ROMUALDO degli Onesti
nato a Ravenna nel 952, figlio del duca Sergio, fino a vent’anni trascorse vita mondana. Poi, sconvolto dalla vista di un omicidio, si rinchiuse per 40 giorni nel monastero benedettino di Sant’Apollinare in Classe dove ottenne di restare come monaco. Dopo alcuni anni conobbe Pietro Orseolo, doge di Venezia deposto dalla carica, con il quale andò sui Pirenei a fondare una comunità di eremiti. Tornato in Italia fu nominato abate di Sant’Apollinare, ma nel 999 abbandonò tale dignità per darsi alla fondazione di eremitaggi e monasteri, dei quali i più famosi sono quelli di Fonte Avellana, di Val di Castro presso Poggio San Romualdo in comune di Fabriano e di Camaldoli. In particolare, quest’ultimo, situato nel comune di Poppi, Arezzo a 1098 metri di altezza, in mezzo a una selva di giganteschi abeti, è il luogo dove il santo fondò nel 1012 circa, la congregazione dei Camaldolesi, ramo dell’Ordine benedettino, ma con maggiore austerità. Si tratta di una antica badia costruita nel castello di Fontebuono su di un terreno donatogli dall’amico conte Maldolo, ed è costituita da un eremo con 20 celle isolate, una chiesa che conserva dipinti del Vasari e un po’ più in alto, il convento, che nel Medioevo era un importante centro di studi. Romualdo visse con grande coerenza il suo ideale monastico, prima il cenobio a Fonte Avellana, poi l’eremo a Camaldoli e infine l’evangelizzazione missionaria in terre lontane. Si interessò così dei pellegrinaggi in Terrasanra, delle missioni in Polonia e Boemia e della riforma del clero e dei monaci.
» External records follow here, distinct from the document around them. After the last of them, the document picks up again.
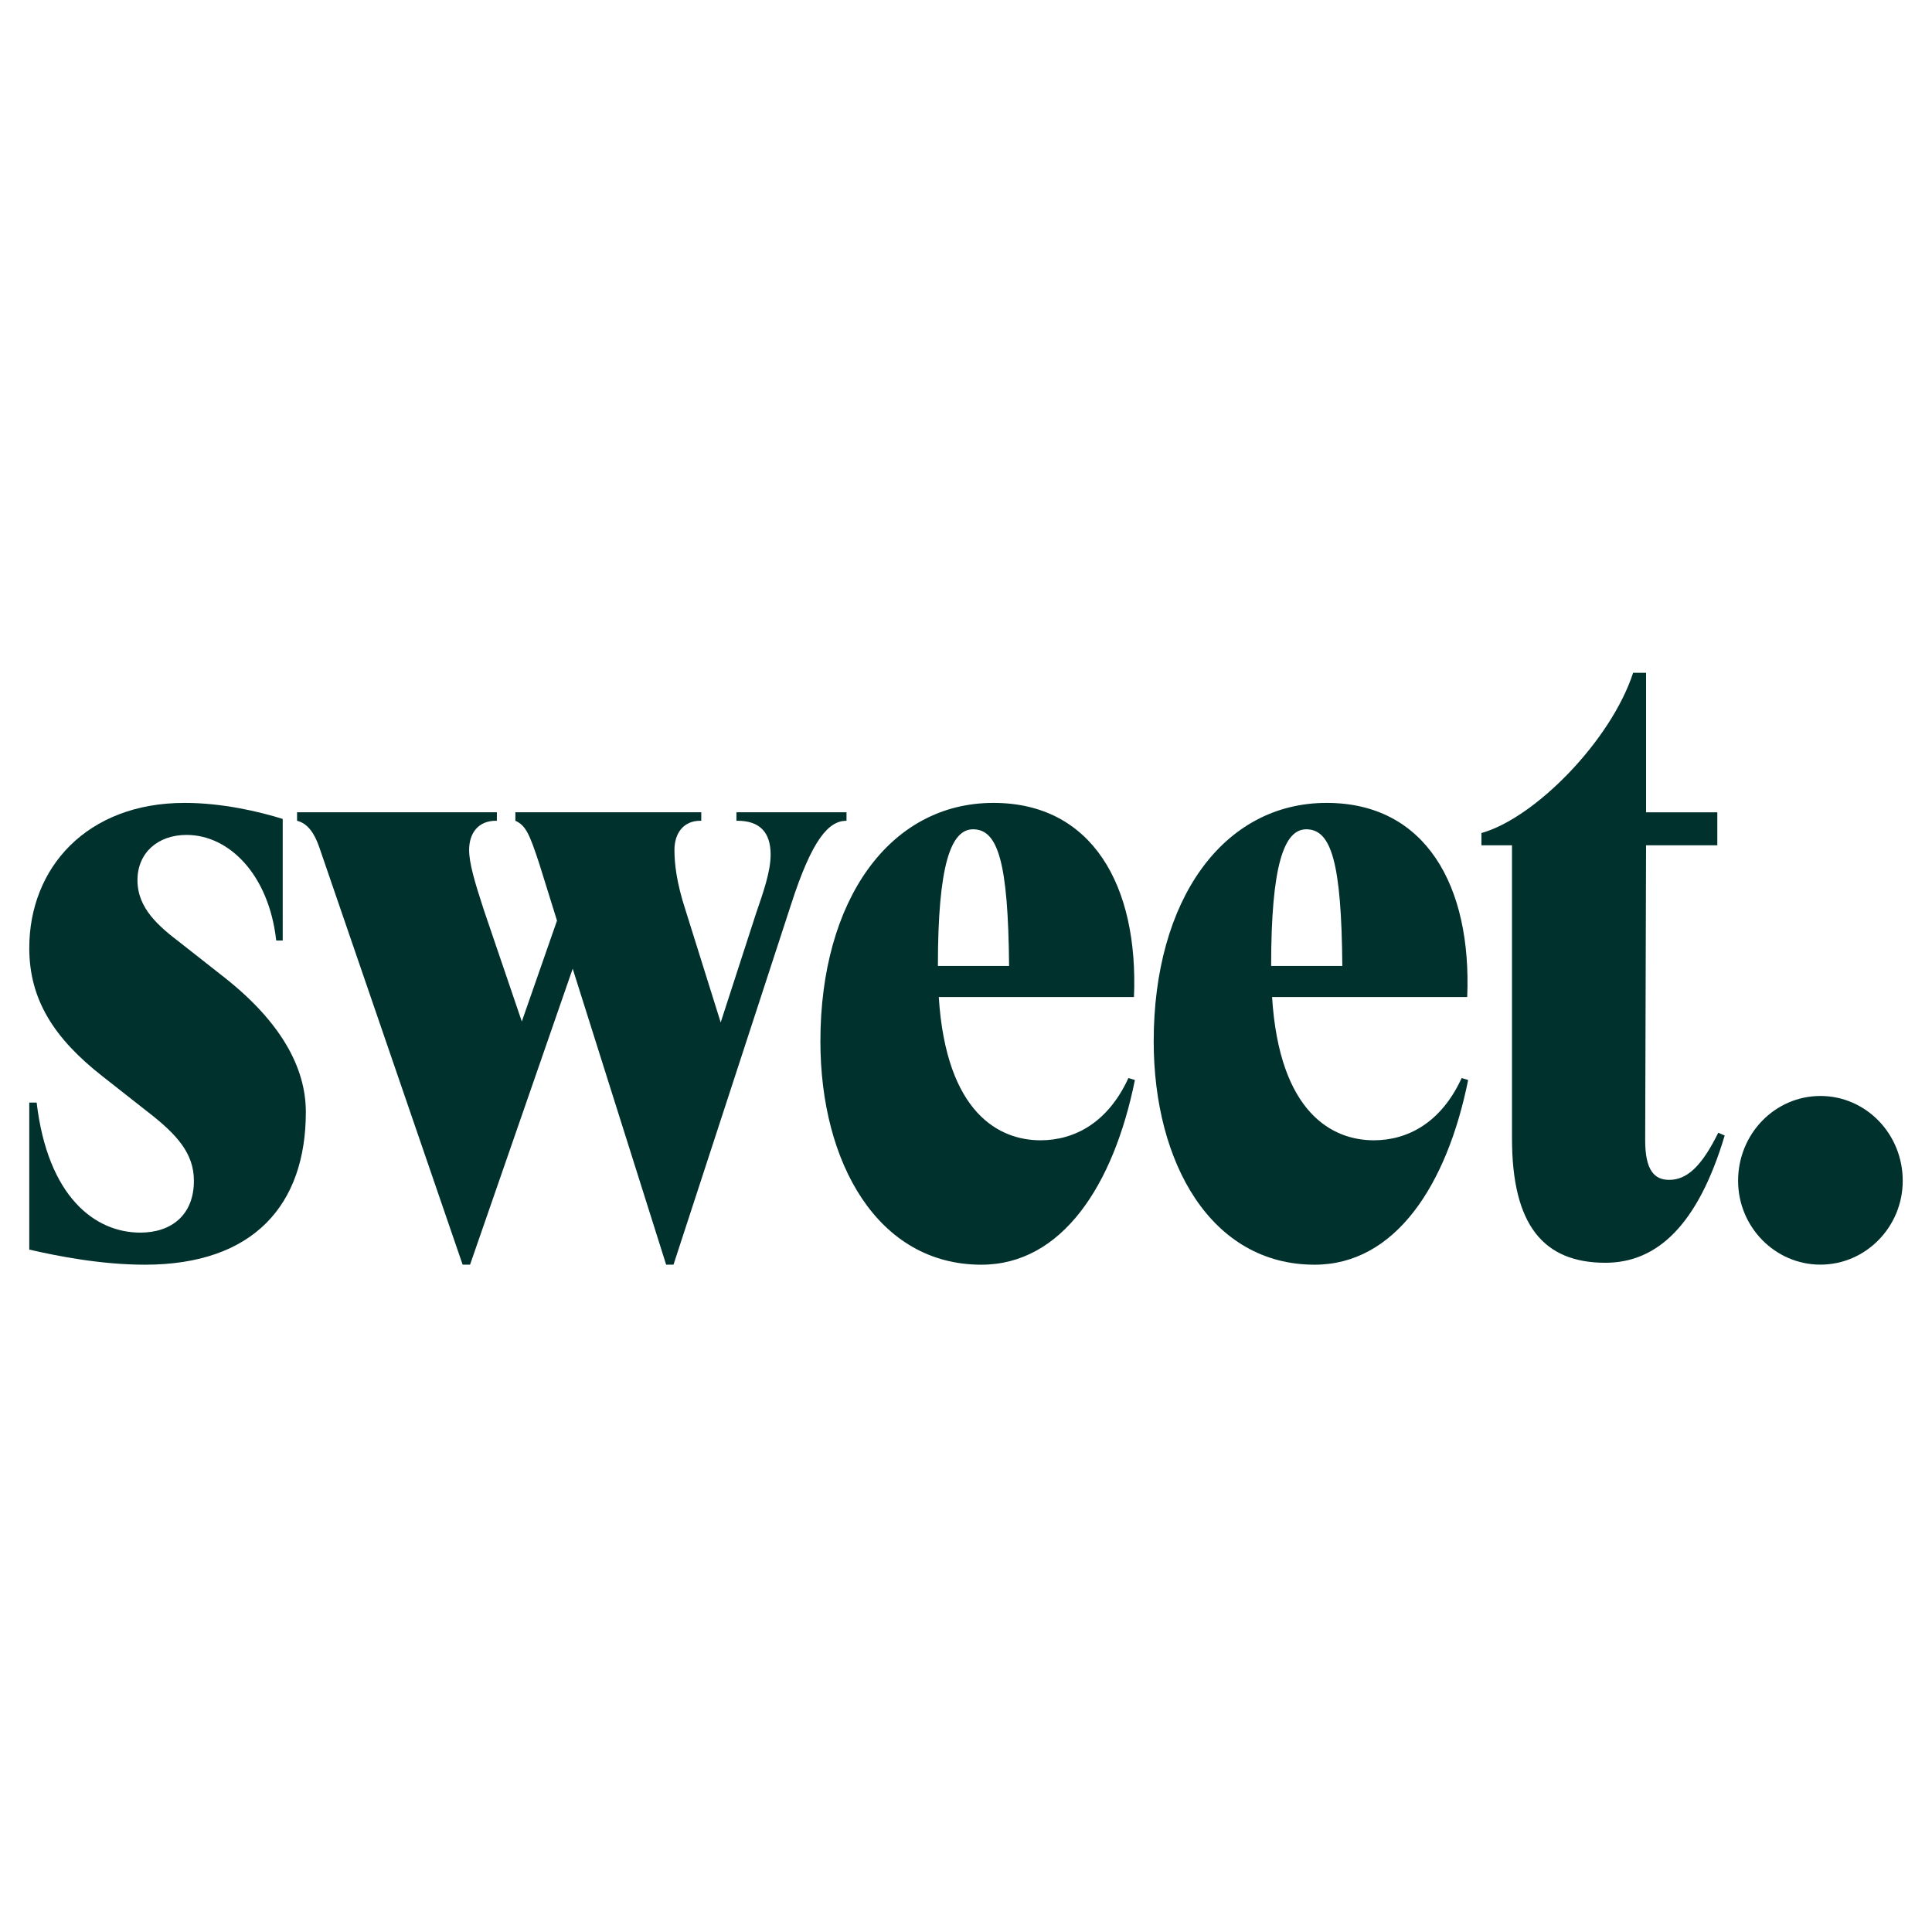 <svg xmlns="http://www.w3.org/2000/svg" width="33" height="33" viewBox="0 0 33 33" fill="none"><g clip-path="url(#clip0_532_3485)"><path d="M31.094 21.601C30.32 21.601 29.688 20.957 29.688 20.169C29.688 19.364 30.32 18.72 31.094 18.72C31.868 18.72 32.5 19.364 32.5 20.169C32.5 20.957 31.868 21.601 31.094 21.601Z" fill="#00312D"></path><path d="M27.421 21.569C26.363 21.569 25.826 20.925 25.826 19.444V14.438H25.304V14.229C26.221 13.971 27.516 12.651 27.895 11.492H28.116V13.875H29.333V14.438H28.116L28.101 19.477C28.101 19.992 28.259 20.153 28.511 20.153C28.811 20.153 29.064 19.927 29.349 19.348L29.459 19.396C29.001 20.925 28.306 21.569 27.421 21.569Z" fill="#00312D"></path><path d="M22.454 21.602C20.685 21.602 19.706 19.863 19.706 17.787C19.706 15.372 20.89 13.714 22.66 13.714C24.35 13.714 25.14 15.13 25.061 17.03H21.728C21.854 19.026 22.77 19.477 23.466 19.477C24.05 19.477 24.619 19.171 24.966 18.414L25.077 18.447C24.714 20.249 23.829 21.602 22.454 21.602ZM21.712 16.499H22.928C22.913 14.728 22.739 14.165 22.312 14.165C21.933 14.165 21.712 14.776 21.712 16.499Z" fill="#00312D"></path><path d="M16.762 21.602C14.993 21.602 14.013 19.863 14.013 17.787C14.013 15.372 15.198 13.714 16.968 13.714C18.658 13.714 19.448 15.13 19.369 17.03H16.035C16.162 19.026 17.078 19.477 17.773 19.477C18.358 19.477 18.927 19.171 19.274 18.414L19.385 18.447C19.021 20.249 18.137 21.602 16.762 21.602ZM16.02 16.499H17.236C17.22 14.728 17.047 14.165 16.62 14.165C16.241 14.165 16.02 14.776 16.02 16.499Z" fill="#00312D"></path><path d="M11.378 21.601L9.782 16.546L8.029 21.601H7.902L5.453 14.47C5.374 14.244 5.264 14.067 5.074 14.019V13.874H8.487V14.019H8.471C8.171 14.019 8.013 14.228 8.013 14.518C8.013 14.743 8.108 15.065 8.266 15.548L8.913 17.448L9.514 15.725L9.213 14.759C9.04 14.228 8.976 14.099 8.803 14.019V13.874H11.978V14.019H11.962C11.678 14.019 11.52 14.228 11.52 14.518C11.52 14.743 11.552 15.065 11.71 15.548L12.31 17.464L12.91 15.613C13.037 15.242 13.163 14.888 13.163 14.598C13.163 14.212 12.973 14.019 12.594 14.019H12.579V13.874H14.459V14.019C14.158 14.019 13.874 14.325 13.511 15.452L11.504 21.601H11.378Z" fill="#00312D"></path><path d="M2.475 21.602C1.732 21.602 0.99 21.457 0.5 21.344V18.833H0.626C0.816 20.443 1.622 21.054 2.396 21.054C2.933 21.054 3.312 20.748 3.312 20.169C3.312 19.702 3.028 19.38 2.506 18.978L1.748 18.382C0.927 17.738 0.5 17.078 0.5 16.193C0.5 14.825 1.48 13.714 3.154 13.714C3.786 13.714 4.418 13.859 4.829 13.988V16.064H4.718C4.592 14.937 3.912 14.261 3.186 14.261C2.696 14.261 2.348 14.567 2.348 15.034C2.348 15.517 2.712 15.823 3.091 16.112L3.849 16.708C4.781 17.448 5.224 18.221 5.224 18.994C5.224 20.571 4.339 21.602 2.475 21.602Z" fill="#00312D"></path></g><defs><clipPath id="clip0_532_3485"><rect width="32" height="32" fill="white" transform="translate(0.5 0.492)"></rect></clipPath></defs></svg>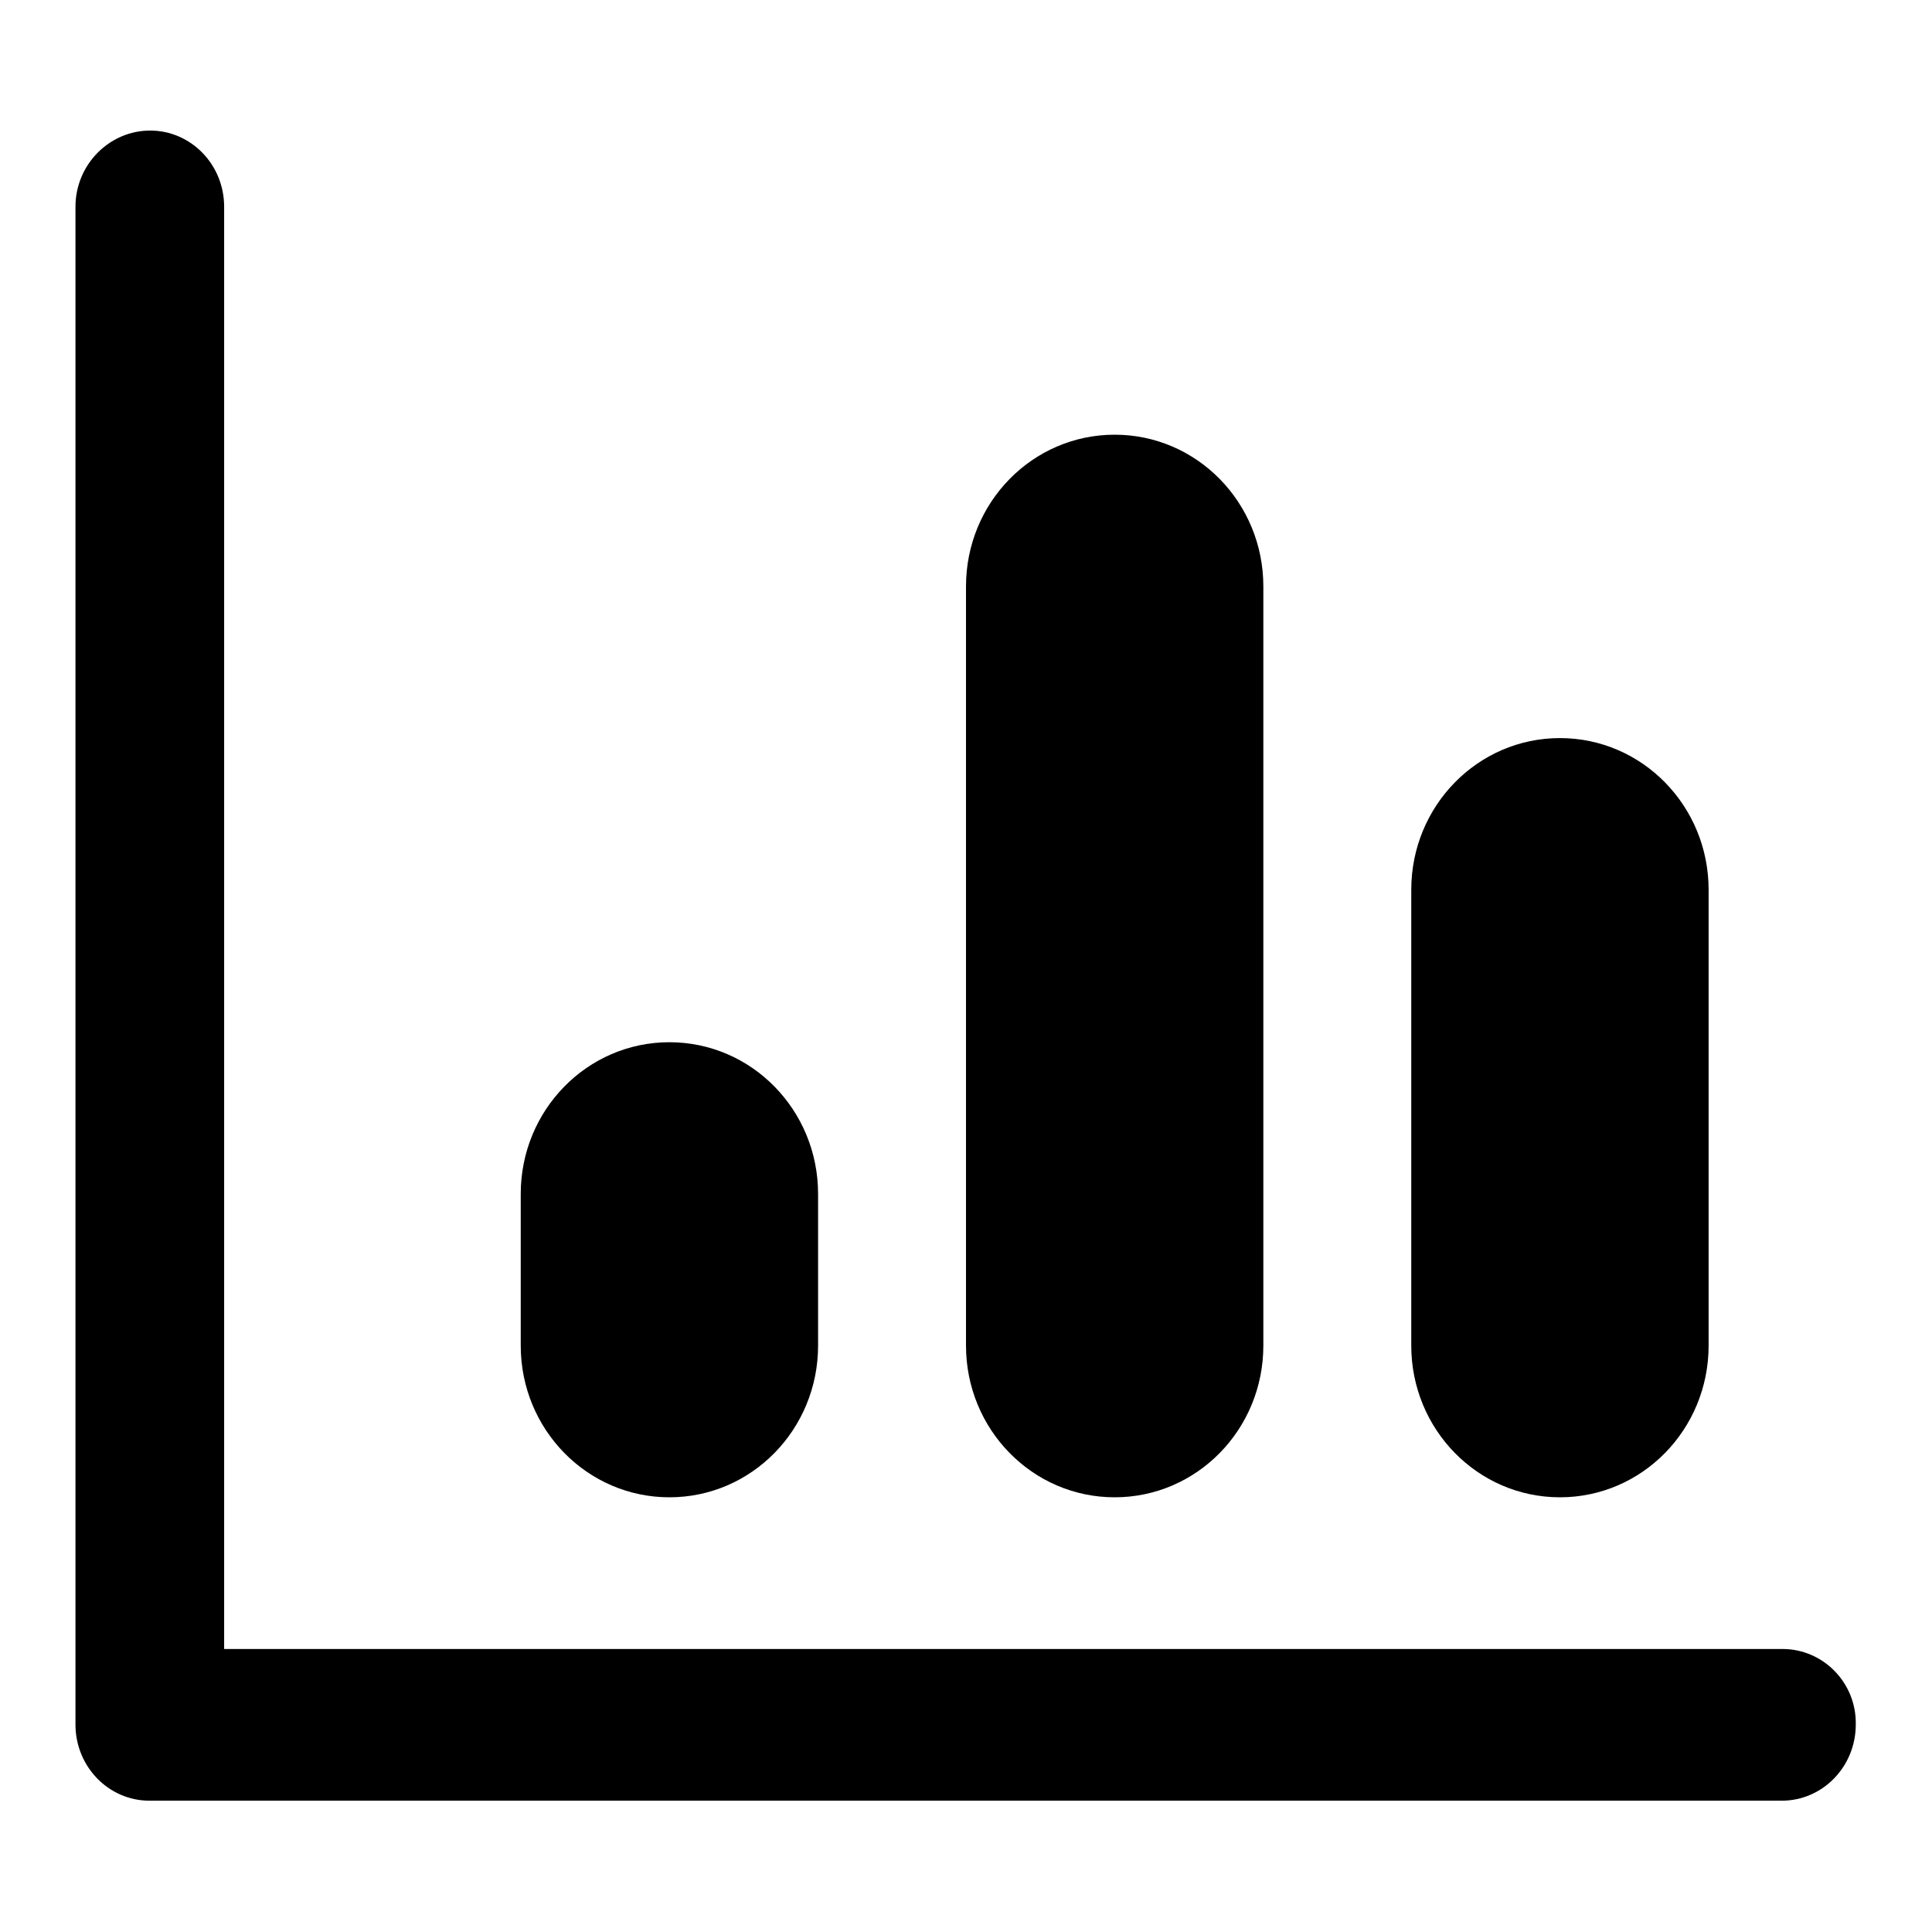 <?xml version="1.0" encoding="utf-8"?>
<!-- Svg Vector Icons : http://www.onlinewebfonts.com/icon -->
<!DOCTYPE svg PUBLIC "-//W3C//DTD SVG 1.1//EN" "http://www.w3.org/Graphics/SVG/1.1/DTD/svg11.dtd">
<svg version="1.1" xmlns="http://www.w3.org/2000/svg" xmlns:xlink="http://www.w3.org/1999/xlink" x="0px" y="0px" viewBox="0 0 256 256" enable-background="new 0 0 256 256" xml:space="preserve">
<g><g><path fill="#000000" d="M236.2,218.5H29.7V27.4c0-5.6-4.4-10.1-9.8-10.1c-5.4,0-9.9,4.5-9.9,10.1v201.1c0,5.6,4.4,10.1,9.8,10.1h216.3c5.4,0,9.8-4.5,9.8-10.1C246,223,241.6,218.5,236.2,218.5z M88.7,198.4c10.9,0,19.7-9,19.7-20.1v-20.1c0-11.1-8.8-20.1-19.7-20.1s-19.7,9-19.7,20.1v20.1C69,189.4,77.8,198.4,88.7,198.4z M147.7,198.4c10.9,0,19.7-9,19.7-20.1V77.7c0-11.1-8.8-20.1-19.7-20.1c-10.9,0-19.7,9-19.7,20.1v100.6C128,189.4,136.8,198.4,147.7,198.4z M206.7,198.4c10.9,0,19.7-9,19.7-20.1v-60.4c0-11.1-8.8-20.1-19.7-20.1c-10.9,0-19.7,9-19.7,20.1v60.4C187,189.4,195.8,198.4,206.7,198.4z"/></g></g>
</svg>

Quando sentì di essere vicino alla morte, si ritirò in una cella solitaria in Val di Castro, dove morì il 19 giugno 1027. La storia della sua vita è stata scritta da un suo discepolo, il cardinale Pier Damiani.

URSICINO di Ravenna
arcivescovo di Ravenna, martire del 1° secolo, raffigurato in un mosaico che si trova nell’ abside della basilica di Sant’Apollinare in Classe.